* _How to complete this task_
After locating the line that holds "Character: 嚰", copy that line and all that follow it word for word through the end of the data, with no pictures.

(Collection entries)
----------------
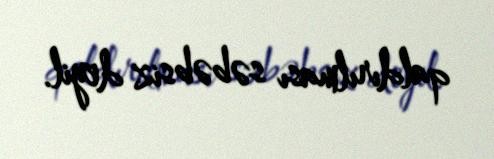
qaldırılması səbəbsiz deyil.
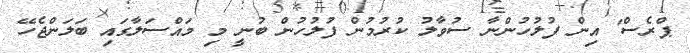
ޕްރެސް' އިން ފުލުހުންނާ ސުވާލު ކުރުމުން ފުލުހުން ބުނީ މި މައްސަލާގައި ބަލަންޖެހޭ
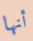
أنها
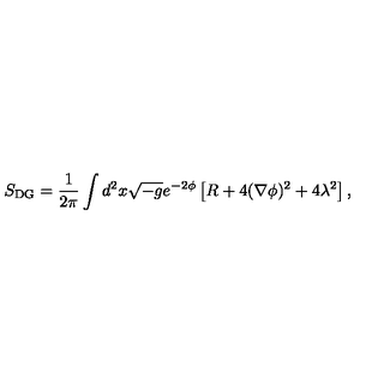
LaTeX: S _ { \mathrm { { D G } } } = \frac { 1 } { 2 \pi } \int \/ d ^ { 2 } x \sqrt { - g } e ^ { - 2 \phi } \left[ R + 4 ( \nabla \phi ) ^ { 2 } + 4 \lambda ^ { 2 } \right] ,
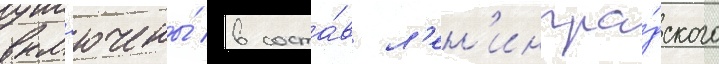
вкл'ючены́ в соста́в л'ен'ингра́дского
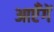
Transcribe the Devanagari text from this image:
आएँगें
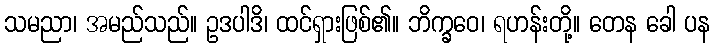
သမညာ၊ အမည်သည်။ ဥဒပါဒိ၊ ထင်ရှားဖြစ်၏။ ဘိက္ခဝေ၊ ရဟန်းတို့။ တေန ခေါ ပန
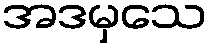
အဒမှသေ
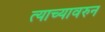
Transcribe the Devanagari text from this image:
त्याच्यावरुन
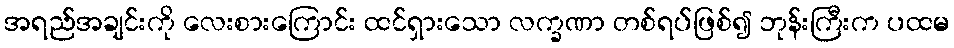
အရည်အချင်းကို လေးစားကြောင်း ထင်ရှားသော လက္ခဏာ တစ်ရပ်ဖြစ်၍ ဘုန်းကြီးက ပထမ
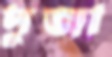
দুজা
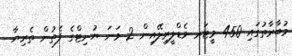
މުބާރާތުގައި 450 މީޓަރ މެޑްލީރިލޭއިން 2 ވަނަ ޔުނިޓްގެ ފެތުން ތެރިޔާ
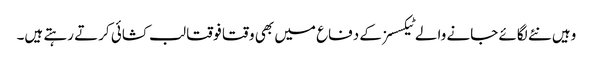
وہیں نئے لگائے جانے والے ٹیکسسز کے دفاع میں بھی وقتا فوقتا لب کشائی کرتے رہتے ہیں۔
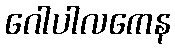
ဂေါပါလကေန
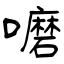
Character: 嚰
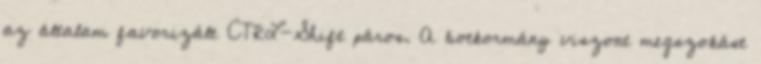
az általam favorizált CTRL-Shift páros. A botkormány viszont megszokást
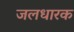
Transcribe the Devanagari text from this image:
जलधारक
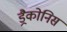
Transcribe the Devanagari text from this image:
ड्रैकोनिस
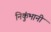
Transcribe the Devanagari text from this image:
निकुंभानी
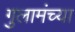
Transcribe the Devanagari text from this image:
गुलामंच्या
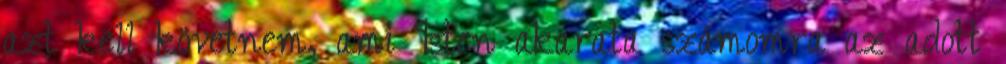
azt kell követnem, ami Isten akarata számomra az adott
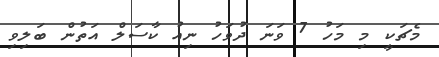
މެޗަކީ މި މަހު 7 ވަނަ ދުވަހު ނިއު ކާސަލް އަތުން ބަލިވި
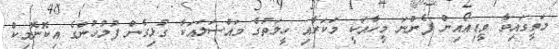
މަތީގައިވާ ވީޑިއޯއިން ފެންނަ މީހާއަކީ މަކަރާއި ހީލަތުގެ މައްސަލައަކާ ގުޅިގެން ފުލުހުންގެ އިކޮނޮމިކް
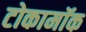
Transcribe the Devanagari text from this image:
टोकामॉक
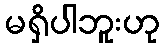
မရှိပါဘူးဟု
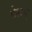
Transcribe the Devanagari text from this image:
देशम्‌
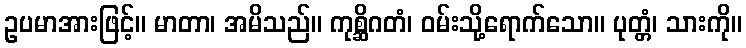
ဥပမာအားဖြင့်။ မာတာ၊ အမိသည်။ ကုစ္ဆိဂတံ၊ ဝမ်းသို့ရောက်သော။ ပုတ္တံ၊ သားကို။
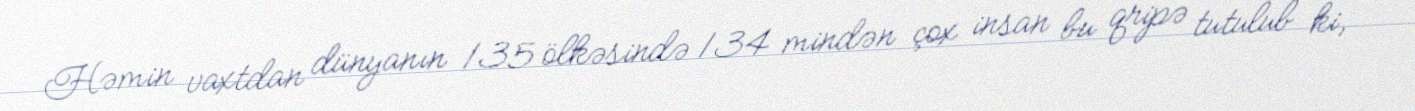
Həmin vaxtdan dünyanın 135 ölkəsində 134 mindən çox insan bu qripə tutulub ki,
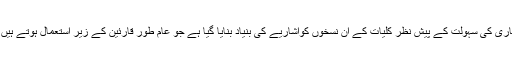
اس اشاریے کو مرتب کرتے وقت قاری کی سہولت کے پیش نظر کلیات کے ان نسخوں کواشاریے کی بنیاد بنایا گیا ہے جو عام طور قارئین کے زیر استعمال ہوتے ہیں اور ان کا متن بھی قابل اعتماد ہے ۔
----------------
* _Answer space_
Character: 嚰
az általam favorizált CTRL-Shift páros. A botkormány viszont megszokást
Transcribe the Devanagari text from this image:
जलधारक
Transcribe the Devanagari text from this image:
ड्रैकोनिस
Transcribe the Devanagari text from this image:
निकुंभानी
Transcribe the Devanagari text from this image:
गुलामंच्या
azt kell követnem, ami Isten akarata számomra az adott
މެޗަކީ މި މަހު 7 ވަނަ ދުވަހު ނިއު ކާސަލް އަތުން ބަލިވި
މަތީގައިވާ ވީޑިއޯއިން ފެންނަ މީހާއަކީ މަކަރާއި ހީލަތުގެ މައްސަލައަކާ ގުޅިގެން ފުލުހުންގެ އިކޮނޮމިކް
Transcribe the Devanagari text from this image:
टोकामॉक
မရှိပါဘူးဟု
Transcribe the Devanagari text from this image:
देशम्‌
ဥပမာအားဖြင့်။ မာတာ၊ အမိသည်။ ကုစ္ဆိဂတံ၊ ဝမ်းသို့ရောက်သော။ ပုတ္တံ၊ သားကို။
Həmin vaxtdan dünyanın 135 ölkəsində 134 mindən çox insan bu qripə tutulub ki,
اس اشاریے کو مرتب کرتے وقت قاری کی سہولت کے پیش نظر کلیات کے ان نسخوں کواشاریے کی بنیاد بنایا گیا ہے جو عام طور قارئین کے زیر استعمال ہوتے ہیں اور ان کا متن بھی قابل اعتماد ہے ۔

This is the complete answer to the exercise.